- _Work to complete_
All of the data that follows is to be written out exactly, with images excluded.

Extracted data entries
_ _ _ _ _ _ _

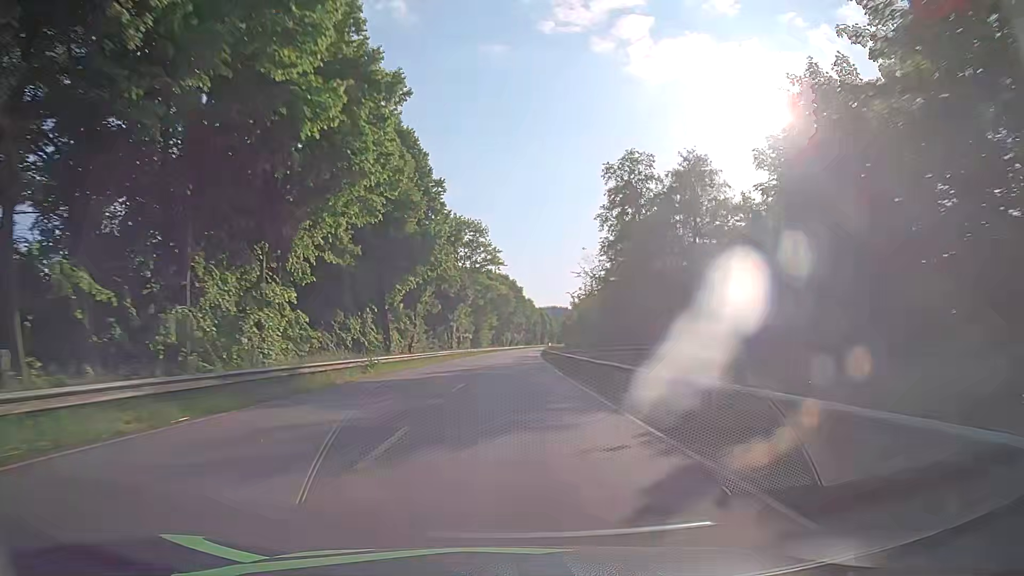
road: primary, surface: asphalt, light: Day
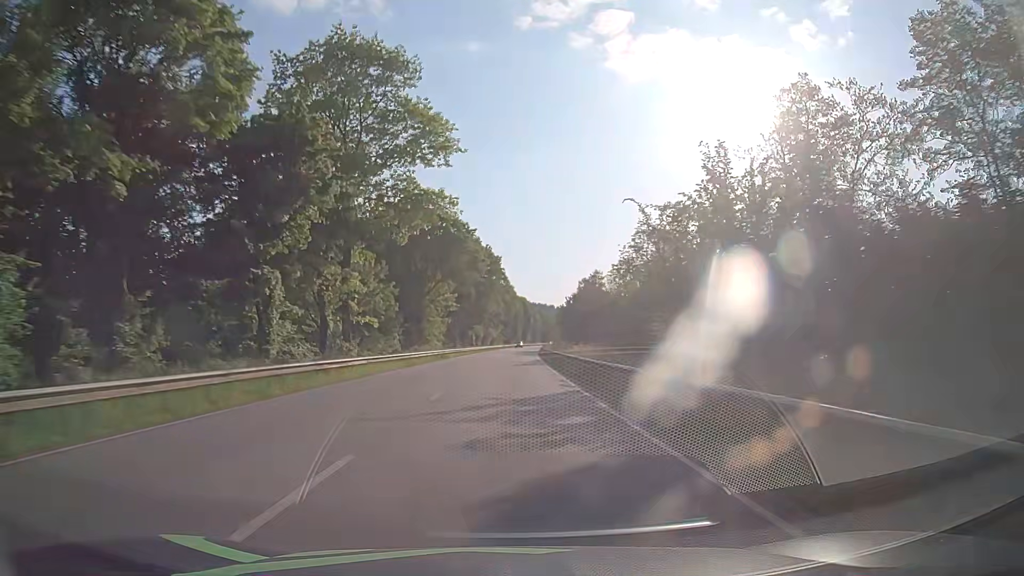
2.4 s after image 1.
(+1.5, +63.4) m; +2°
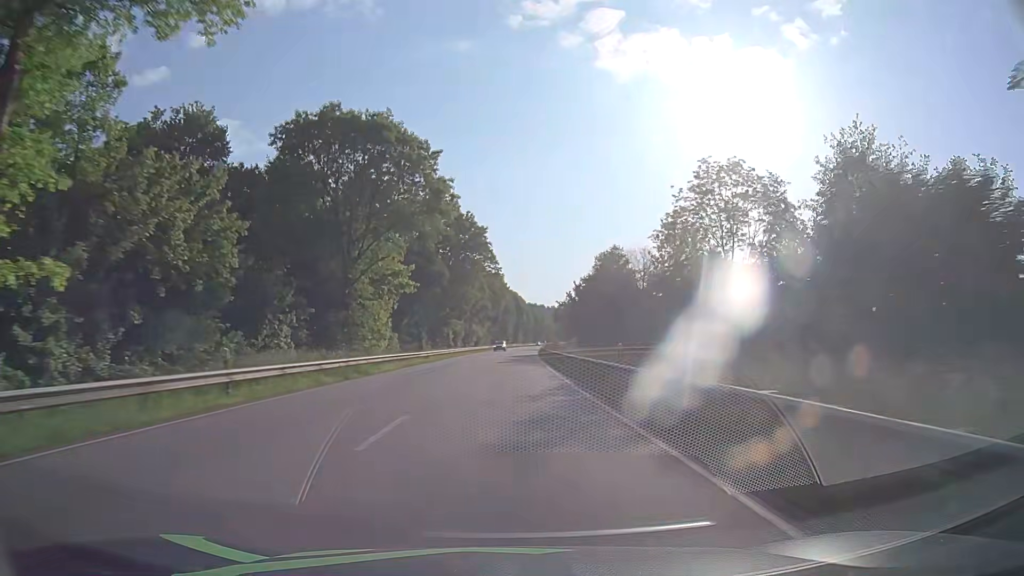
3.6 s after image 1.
(+0.2, +31.7) m; +1°
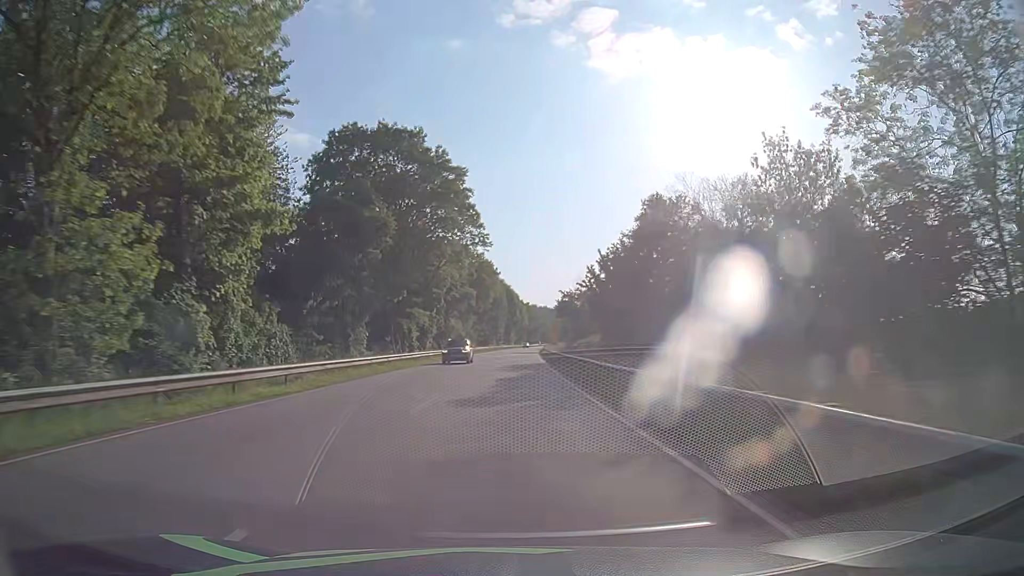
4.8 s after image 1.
(+0.2, +31.7) m; +1°
(0, +10) (0, +20) (0, +30) (0, +40) (+1, +50) (+1, +60) (+1, +70) (+1, +80) (+2, +90) (+2, +100) m

_ _ _ _ _ _ _

- _Answer to this exercise_
road: primary, surface: asphalt, light: Day
2.4 s after image 1.
(+1.5, +63.4) m; +2°
3.6 s after image 1.
(+0.2, +31.7) m; +1°
4.8 s after image 1.
(+0.2, +31.7) m; +1°
(0, +10) (0, +20) (0, +30) (0, +40) (+1, +50) (+1, +60) (+1, +70) (+1, +80) (+2, +90) (+2, +100) m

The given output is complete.